The good news with maintenance-free apartment living is that you don’t have any yard work. But if you have an inner gardener, that might be bad news. The solution? Container gardening. Your outdoor patio can be your own private apartment garden, with no weeds to pull. To get you started, here are the basics:

Understand your light:

Different plants respond to different amounts of sunshine. For anything described as “full sun,” you need at least six full ours of sunshine every day. Patio walls, northern exposures, and overhangs can all limit the sunshine your apartment garden gets, so plant with reality in mind. Here’s a collection of shade-loving container plants. Here’s another if your patio is sunny and hot.

Use large pots:

Plants don’t like small pots any more than you like small shoes. Give their roots room to spread out and you’ll also find yourself needing to water less often. If your patio is sunny and hot, roots will get scorched in small pots and your apartment garden will suffer. Inexpensive plastic pots are fine, and if they’re very tall (most roots won’t go more than a foot or so deep), use biodegradable packing peanuts at the bottom of the pot to make the pots lighter and save good potting soil for the plants.

Use good soil:

Buy potting soil, not garden soil. Garden soil is meant to enhance existing soil, not to be used as a planting medium by itself. Potting soil actually has very little soil in it, but is largely made up of other ingredients such as sphagnum moss, vermiculite, and bark, that give roots something to hold onto, delivering nutrition and moisture while also draining well. Good soil gives your apartment garden the best chance to flourish.

Pick healthy plants:

More important than whether a plant is covered in flowers or fruit is how the foliage looks. Choose plants with full, deep-green, vigorous foliage and stout stems. The fruit and flowers will come quickly enough. (Refer to this list for the best vegetables for container gardening.) Provide a cage or small trellis for climbing plants.
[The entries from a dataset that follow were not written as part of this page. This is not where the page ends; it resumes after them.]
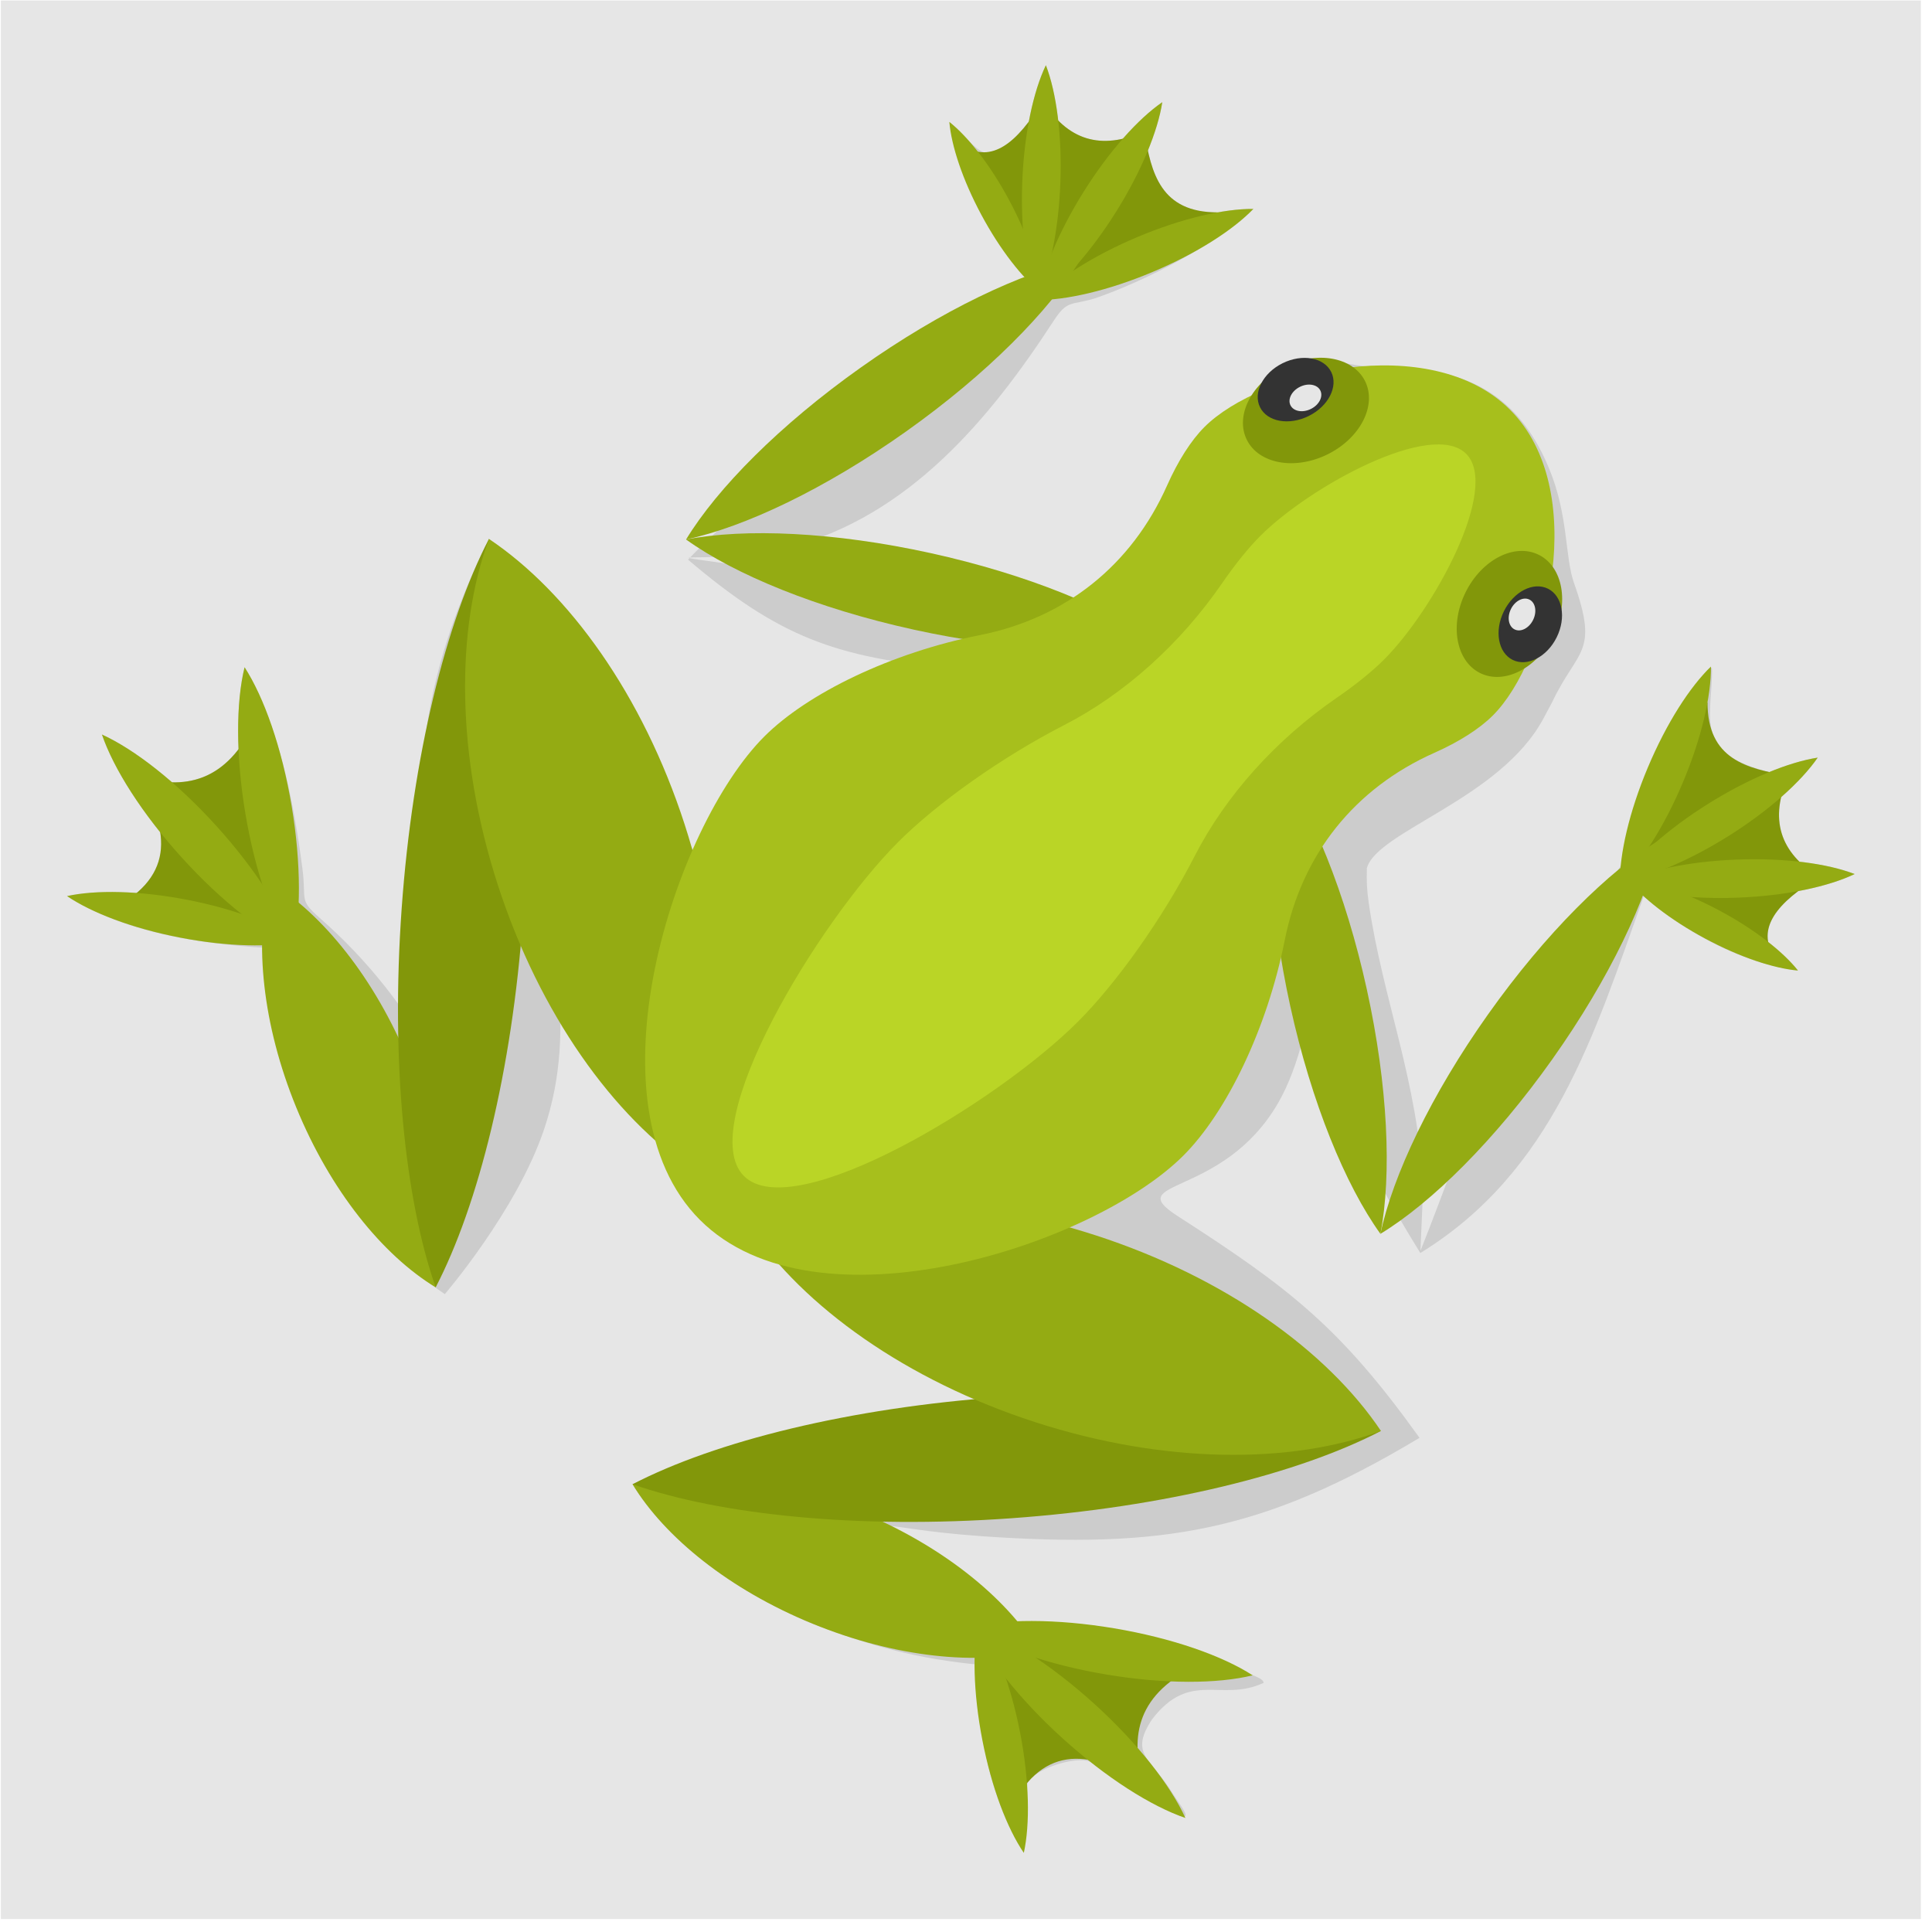 <?xml version="1.0" encoding="UTF-8"?>
<svg version="1.1" viewBox="0 0 880 880" xmlns="http://www.w3.org/2000/svg">
<defs>
<clipPath id="a">
<path d="m0 660h660v-660h-660z"/>
</clipPath>
</defs>
<g transform="matrix(1.333 0 0 -1.333 0 880)">
<path d="m0.297 4.432h656.06v655.57h-656.06z" fill="#e6e6e6"/>
<g clip-path="url(#a)">
<g transform="translate(81.498 404.15)">
<path d="m0 0c-6.375-8.288-14.091-11.479-22.695-11.307-8.593 7.49-16.918 13.131-23.97 16.34 3.206-9.409 10.185-21.3 19.929-33.438 1.193-7.857-1.151-14.84-8.053-20.7-9.335 0.688-17.585 0.295-23.797-1.069 20.203-12.695 45.137-16.287 68.573-17.735 3.373-41.447 24.786-94.526 60.513-118.27-0.167-0.205 24.521 28.462 33.87 56.167 6.272 18.592 6.25 34.773 4.924 53.923 11.334-20.795 22.138-44.328 40.122-60.17 13.618-11.992 0.534-24.007 42.105-35.885 11.527-3.292 18.336-7.305 28.008-14.11 5.959-4.401 53.787-35.571 54.048-36.109-2.26-4.47-25.337-3.018-30.76-3.056-40.821-2.021-70.862-8.741-108.18-25.721v-2e-3c11.027-18.157 33.108-36.022 61.462-47.637 20.39-7.85 35.825-12.013 57.622-14.113-2.134-21.526 3.126-45.923 14.614-64.211 0.848 4.369 1.017 23.162 1.24 23.724 1.864 4.718 16.13 9.512 21.387 7.425 2.622-1.039 18.739-13.701 29.79-18.117 5.88-2.349 1.415 2.523-1.853 7.784-7.127 11.482-14.656 12.826-6.74 24.803 13.001 16.973 23.607 5.718 38.09 12.456 0.847 5.771-73.097 15.504-79.455 16.537-1.585 0.788-22.074 20.131-28.395 24.508-26.199 18.136-29.056 11.973 11.714 9.067 61.623-4.218 95.683 1.401 149.44 33.629-26.932 37.585-44.227 51.065-82.573 75.725-19.908 12.801 15.319 5.905 34.266 38.707 7.376 12.765 10.257 29.24 13.366 43.562 7.551-43.197 12.033-57.265 35.216-94.851 45.356 27.912 59.445 74.657 76.32 121.89 14.267-12.307 33.938-23.045 52.725-25.368-2.449 3.084-5.926 6.424-10.193 9.767-1.094 5.895 2.726 11.681 10.289 17.383 7.693 1.436 14.318 3.45 19.277 5.826-4.959 1.915-11.442 3.375-18.901 4.224-6.107 6.066-8.21 13.408-6.234 22.046 5.344 4.69 9.619 9.318 12.505 13.507-4.759-0.729-10.417-2.407-16.559-4.927-25.555 6.402-19.75 17.64-19.54 34.656 0.101 8.214-20.476-33.778-22.335-38.535-10.551-28.534 0.248-18.894-20.543-42.477-29.585-37.505-39.7-74.352-56.746-117.19-0.087 0 0.942 20.186 0.855 22.054-1.685 35.682-13.793 64.03-18.523 96.606-0.696 4.8-0.766 7.283-0.66 12.052 3.409 12.592 45.611 23.644 60.324 51.129l2.98 5.569c8.66 18.335 16.105 16.439 7.444 40.831-3.106 8.75-1.836 22.942-8.467 38.997-11.388 27.578-31.166 35.214-59.511 34.65-17.66 1.082-25.031 9.153-37.251-6.373-14.207-18.052-15.634-4.406-27.016-37.153-5.207-13.857-17.047-36.012-32.069-40.903-0.211-0.068-40.702 5.992-45.613 6.448-27.924 2.609-50.252 6.642-77.462 10.551-33.75 4.847-3.597-0.241 19.525 5.913 40.661 10.822 68.111 43.579 90.096 77.369 4.74 7.285 5.778 5.141 14.206 7.712 16.705 5.724 41.382 18.32 54.018 30.51-3.55 0.034-7.667-0.363-12.177-1.175l4e-3 2e-3c-16.423-0.062-21.352 9.507-23.875 21.091 2.52 6.144 4.198 11.802 4.927 16.562-4.188-2.886-8.819-7.162-13.507-12.504-8.638-1.978-15.978 0.127-22.046 6.232-0.847 7.458-2.308 13.942-4.224 18.901-2.376-4.96-4.389-11.584-5.825-19.279-15.326-19.117-16.669-8.728-27.126-0.11 2.635-19.117 16.104-41.242 29.006-55.55-25.218-14.225-98.809-72.911-118.31-94.021 31.173-26.499 50.421-33.424 90.684-37.193 13.155-1.23-13.493-6.631-17.343-7.878-29.026-9.402-55.958-16.973-67.813-48.204-4.201-11.066-3.814-6.149-8.492 7.45-9.832 28.592-36.524 71.778-60.25 89.342l-4.822 3.569c-34.782-70.06-21.347-108.33-17.802-179.35-11.021 19.151-23.215 35.109-39.998 49.824-7.331 6.431-4.489 5.864-5.958 17.064-2.988 22.755-8.003 48.841-19.75 68.63-1.8-7.32-2.547-17.016-2.077-28.024" fill="#ccc" fill-rule="evenodd"/>
</g>
<g transform="translate(409.74 91.396)">
<path d="m0 0c-21.038-9.749-24.013-24.25-18.81-40.902-19.376 12.818-35.625 12.957-46.254-9.666-2.77 20.897-5.541 41.795-8.311 62.692 24.459-4.043 48.917-8.082 73.375-12.124" fill="#82970a" fill-rule="evenodd"/>
</g>
<g transform="translate(583.46 420.23)">
<path d="m0 0c-0.073-19.462 13.379-22.782 27.682-25.086-6.667-14.802-3.054-26.332 10.529-34.689-14.805-8.762-21.439-17.702-15.533-26.923-15.772 9.012-31.546 18.023-47.317 27.036 8.213 19.887 16.427 39.775 24.639 59.662" fill="#82970a" fill-rule="evenodd"/>
</g>
<g transform="translate(354.82 96.199)">
<path d="m0 0c-11.028 18.155-33.108 36.022-61.462 47.638-28.358 11.614-56.626 14.371-77.223 9.167 11.028-18.157 33.109-36.025 61.463-47.638 28.357-11.614 56.625-14.371 77.222-9.167" fill="#94ab13" fill-rule="evenodd"/>
</g>
<g transform="translate(471.87 171.21)" fill-rule="evenodd">
<path d="m0 0c-30.054 10.513-77.055 15.352-129.34 11.629-52.284-3.722-98.126-15.172-126.39-29.84 30.057-10.513 77.056-15.352 129.34-11.628 52.289 3.725 98.128 15.175 126.39 29.839" fill="#82970a"/>
<path d="m0 0c-18.319 27.349-53.415 52.569-97.524 66.857-44.109 14.289-87.328 14.435-118.2 3.023 18.321-27.349 53.419-52.57 97.526-66.859 44.107-14.287 87.328-14.433 118.2-3.021" fill="#94ab13"/>
</g>
<g transform="translate(471.69 238.56)" fill="#94ab13" fill-rule="evenodd">
<path d="m0 0c-11.982 16.645-23.555 44.798-30.801 77.78-7.246 32.983-8.544 63.392-4.642 83.529 11.982-16.647 23.551-44.8 30.798-77.781 7.248-32.982 8.544-63.391 4.645-83.528"/>
<path d="M 0,0 C 4.262,20.064 17.317,47.558 36.853,75.101 56.391,102.646 78.024,124.055 95.551,134.71 91.288,114.646 78.232,87.151 58.696,59.607 39.161,32.065 17.527,10.655 0,0"/>
</g>
<g transform="translate(553.5 358.38)">
<path d="M 0,0 C -0.094,9.974 3.199,24.401 9.564,39.535 15.93,54.67 23.938,67.114 31.132,74.023 31.227,64.051 27.933,49.623 21.567,34.488 15.202,19.354 7.193,6.908 0,0" fill="#94ab13" fill-rule="evenodd"/>
</g>
<g transform="translate(553.07 358.64)">
<path d="M 0,0 C 5.659,8.212 16.652,18.12 30.563,26.837 44.476,35.557 58.187,41.13 68.043,42.644 62.387,34.431 51.391,24.524 37.479,15.804 23.567,7.086 9.857,1.513 0,0" fill="#94ab13" fill-rule="evenodd"/>
</g>
<g transform="translate(553.5 358.38)">
<path d="m0 0c8.995 4.307 23.462 7.43 39.868 8.067 16.406 0.64 31.071-1.348 40.375-4.942-8.997-4.308-23.462-7.43-39.868-8.067-16.406-0.64-31.073 1.348-40.375 4.942" fill="#94ab13" fill-rule="evenodd"/>
</g>
<g transform="translate(555.97 359.87)">
<path d="m0 0c8.202-0.698 19.802-4.527 31.745-10.934 11.942-6.408 21.544-13.957 26.66-20.404-8.202 0.698-19.801 4.527-31.743 10.935-11.941 6.406-21.544 13.955-26.662 20.403" fill="#94ab13" fill-rule="evenodd"/>
</g>
<g transform="translate(428.04 87.707)">
<path d="m0 0c-10.3 6.66-27.459 12.73-47.374 16.071-19.913 3.344-38.113 3.212-50.024 0.279 10.299-6.659 27.459-12.727 47.374-16.072 19.915-3.341 38.113-3.208 50.024-0.278" fill="#94ab13" fill-rule="evenodd"/>
</g>
<g transform="translate(405.05 38.965)">
<path d="m0 0c-5.082 11.164-16.257 25.53-31.223 39.086-14.967 13.556-30.365 23.26-41.974 27.215 5.082-11.162 16.257-25.528 31.221-39.084 14.967-13.556 30.367-23.26 41.976-27.217" fill="#94ab13" fill-rule="evenodd"/>
</g>
<g transform="translate(349.84 27.043)">
<path d="m0 0c2.16 9.837 1.892 24.778-1.266 41.055-3.156 16.276-8.493 30.233-14.174 38.549-2.158-9.838-1.891-24.778 1.266-41.053 3.157-16.277 8.495-30.235 14.174-38.551" fill="#94ab13" fill-rule="evenodd"/>
</g>
<g transform="translate(87.263 413.87)">
<path d="m0 0c-9.749-21.039-24.248-24.014-40.904-18.811 12.82-19.377 12.958-35.623-9.664-46.253 20.898-2.771 41.794-5.542 62.694-8.311-4.044 24.459-8.083 48.916-12.126 73.375" fill="#82970a" fill-rule="evenodd"/>
</g>
<g transform="translate(416.1 587.6)">
<path d="m0 0c-19.462-0.073-22.781 13.38-25.086 27.683-14.803-6.668-26.333-3.055-34.69 10.527-8.761-14.803-17.702-21.439-26.923-15.533 9.012-15.771 18.022-31.544 27.035-47.317 19.888 8.215 39.774 16.428 59.664 24.64" fill="#82970a" fill-rule="evenodd"/>
</g>
<g transform="translate(92.066 358.96)">
<path d="m0 0c18.158-11.028 36.022-33.108 47.637-61.462 11.617-28.357 14.37-56.625 9.168-77.222-18.156 11.028-36.022 33.109-47.638 61.462-11.614 28.356-14.371 56.624-9.167 77.222" fill="#94ab13" fill-rule="evenodd"/>
</g>
<g transform="translate(167.08 476.01)" fill-rule="evenodd">
<path d="m0 0c10.513-30.055 15.351-77.056 11.63-129.34-3.725-52.286-15.175-98.127-29.841-126.39-10.513 30.058-15.352 77.057-11.629 129.34 3.725 52.288 15.175 98.127 29.84 126.39" fill="#82970a"/>
<path d="m0 0c27.348-18.32 52.568-53.417 66.857-97.525 14.288-44.109 14.434-87.328 3.022-118.2-27.347 18.321-52.57 53.417-66.858 97.526-14.287 44.108-14.435 87.328-3.021 118.2" fill="#94ab13"/>
</g>
<g transform="translate(234.43 475.82)">
<path d="m0 0c16.648-11.983 44.8-23.555 77.783-30.802 32.982-7.246 63.391-8.542 83.528-4.642-16.647 11.983-44.8 23.552-77.781 30.8-32.983 7.247-63.391 8.544-83.53 4.644" fill="#94ab13" fill-rule="evenodd"/>
</g>
<g transform="translate(234.43 475.82)">
<path d="m 0,0 c 20.066,4.263 47.56,17.318 75.105,36.855 27.541,19.536 48.951,41.171 59.608,58.698 C 114.649,91.289 87.153,78.234 59.609,58.697 32.066,39.162 10.657,17.527 0,0" fill="#94ab13" fill-rule="evenodd"/>
</g>
<g transform="translate(354.25 557.64)">
<path d="M 0,0 C 9.975,-0.094 24.402,3.199 39.536,9.565 54.671,15.93 67.116,23.938 74.025,31.132 64.051,31.226 49.623,27.933 34.488,21.567 19.354,15.202 6.909,7.193 0,0" fill="#94ab13" fill-rule="evenodd"/>
</g>
<g transform="translate(354.51 557.21)">
<path d="M 0,0 C 8.212,5.659 18.119,16.652 26.838,30.563 35.557,44.475 41.13,58.185 42.643,68.043 34.432,62.385 24.524,51.391 15.805,37.478 7.086,23.567 1.512,9.857 0,0" fill="#94ab13" fill-rule="evenodd"/>
</g>
<g transform="translate(354.25 557.64)">
<path d="M 0,0 C 4.308,8.995 7.431,23.461 8.069,39.868 8.708,56.274 6.72,70.938 3.126,80.242 -1.182,71.246 -4.305,56.78 -4.941,40.374 -5.58,23.968 -3.594,9.302 0,0" fill="#94ab13" fill-rule="evenodd"/>
</g>
<g transform="translate(355.73 560.1)">
<path d="m0 0c-0.697 8.203-4.525 19.802-10.934 31.743-6.408 11.94-13.956 21.546-20.404 26.661 0.699-8.202 4.528-19.8 10.936-31.744 6.407-11.94 13.954-21.543 20.402-26.66" fill="#94ab13" fill-rule="evenodd"/>
</g>
<g transform="translate(83.575 432.17)">
<path d="m0 0c6.659-10.299 12.729-27.46 16.071-47.374 3.344-19.915 3.211-38.113 0.278-50.024-6.658 10.3-12.728 27.459-16.071 47.374-3.342 19.914-3.208 38.113-0.278 50.024" fill="#94ab13" fill-rule="evenodd"/>
</g>
<g transform="translate(34.832 409.18)">
<path d="m0 0c11.165-5.083 25.53-16.259 39.086-31.223 13.556-14.966 23.26-30.365 27.216-41.975-11.164 5.082-25.53 16.257-39.086 31.223-13.555 14.966-23.259 30.365-27.216 41.975" fill="#94ab13" fill-rule="evenodd"/>
</g>
<g transform="translate(22.912 353.97)">
<path d="m0 0c9.836 2.159 24.777 1.891 41.053-1.267 16.275-3.156 30.234-8.493 38.549-14.174-9.836-2.157-24.777-1.89-41.053 1.267-16.276 3.156-30.234 8.495-38.549 14.174" fill="#94ab13" fill-rule="evenodd"/>
</g>
<g transform="translate(516 520.14)">
<path d="m0 0c27.218-27.216 13.138-85.422-5.892-104.45-4.584-4.585-11.591-9.028-19.963-12.753-27.282-12.132-45.337-34.733-51.146-64.021-5.98-30.142-19.812-58.789-34.642-73.619-30.861-30.859-125.64-61.525-165.18-21.981-39.544 39.542-8.878 134.32 21.982 165.18 14.83 14.831 43.475 28.664 73.618 34.643 29.287 5.809 51.89 23.865 64.022 51.146 3.724 8.375 8.168 15.379 12.754 19.964 19.028 19.03 77.234 33.109 104.45 5.892" fill="#a7bf1c" fill-rule="evenodd"/>
</g>
<g transform="translate(500.98 505.11)">
<path d="m0 0c11.671-11.671-11.086-53.352-28.052-70.317-4.087-4.087-9.739-8.64-16.129-13.037-20.817-14.32-37.964-33.417-48.573-54.095-10.921-21.282-26.678-43.392-39.901-56.613-27.509-27.51-97.174-69.681-114.13-52.723-16.957 16.958 25.213 86.621 52.723 114.13 13.221 13.221 35.332 28.979 56.615 39.9 20.675 10.609 39.772 27.758 54.093 48.573 4.397 6.39 8.951 12.042 13.037 16.129 16.965 16.965 58.646 39.723 70.317 28.052" fill="#bad526" fill-rule="evenodd"/>
</g>
<g transform="translate(466.45 529.92)">
<path d="m0 0c4.1-8.269-1.626-19.457-12.784-24.988-11.159-5.532-23.528-3.313-27.627 4.958-4.099 8.269 1.625 19.455 12.784 24.987 11.158 5.532 23.528 3.312 27.627-4.957" fill="#82970a" fill-rule="evenodd"/>
</g>
<g transform="translate(454.88 533.06)">
<path d="m0 0c2.468-4.977-0.978-11.712-7.696-15.042-6.716-3.329-14.162-1.993-16.628 2.984-2.468 4.978 0.976 11.713 7.695 15.042 6.717 3.329 14.162 1.994 16.629-2.984" fill="#333" fill-rule="evenodd"/>
</g>
<g transform="translate(451.16 526.73)">
<path d="m0 0c1.034-2.088-0.41-4.911-3.228-6.307-2.817-1.397-5.938-0.836-6.974 1.252-1.034 2.085 0.41 4.911 3.227 6.307 2.818 1.396 5.94 0.835 6.975-1.252" fill="#e6e6e6" fill-rule="evenodd"/>
</g>
<g transform="translate(525.79 470.59)">
<path d="m0 0c-8.269 4.099-19.457-1.626-24.986-12.785-5.532-11.159-3.312-23.528 4.957-27.626 8.269-4.099 19.458 1.624 24.987 12.784 5.531 11.159 3.311 23.528-4.958 27.627" fill="#82970a" fill-rule="evenodd"/>
</g>
<g transform="translate(528.93 459.01)">
<path d="m0 0c-4.977 2.467-11.712-0.978-15.041-7.694-3.329-6.719-1.992-14.165 2.984-16.631 4.979-2.467 11.712 0.98 15.041 7.696 3.33 6.717 1.995 14.162-2.984 16.629" fill="#333" fill-rule="evenodd"/>
</g>
<g transform="translate(522.6 455.29)">
<path d="m0 0c-2.088 1.035-4.912-0.41-6.309-3.226-1.395-2.817-0.834-5.94 1.252-6.974 2.086-1.035 4.912 0.41 6.309 3.226 1.394 2.817 0.836 5.939-1.252 6.974" fill="#e6e6e6" fill-rule="evenodd"/>
</g>
</g>
</g>
</svg>

Don’t worry—they’ll grow quickly and make a big statement in your apartment garden.

Crowd your flowers:

spread out your veg: With floral containers, make them full and beautiful from the beginning. Flowers will work their way through and around each other to give you a beautiful apartment garden. In large pots, plant something tall, surround it with plants that are bushy, and then tuck in something that trails around the edges. For vegetables, pay attention to the recommended spacing on the plant labels and give them plenty of room.

Feed and water:

The most important rule of apartment garden care is to feed and water frequently. Water whenever the soil feels dry on the surface, which probably means every day during hot times. Feed with liquid fertilizer (or granular fertilizer dissolved into water) weekly, or dilute it more and feed with every watering.

Maintain your plants:

Pinch off dead flowers throughout the season (known as “deadheading”) to encourage more blooming, and on plants where you can’t pluck individual flowers, you may need to shear the whole thing back by about a third at mid-season to encourage fresh new growth. No matter what you do, some plants get rangy and scraggly by mid-season. If so, it’s their fault, not yours. Pull them out and stick more in. Your apartment garden is small and you should enjoy it for the whole season.

And the best news? You can start your apartment garden containers right now. So indulge that spring fever and create your own garden oasis.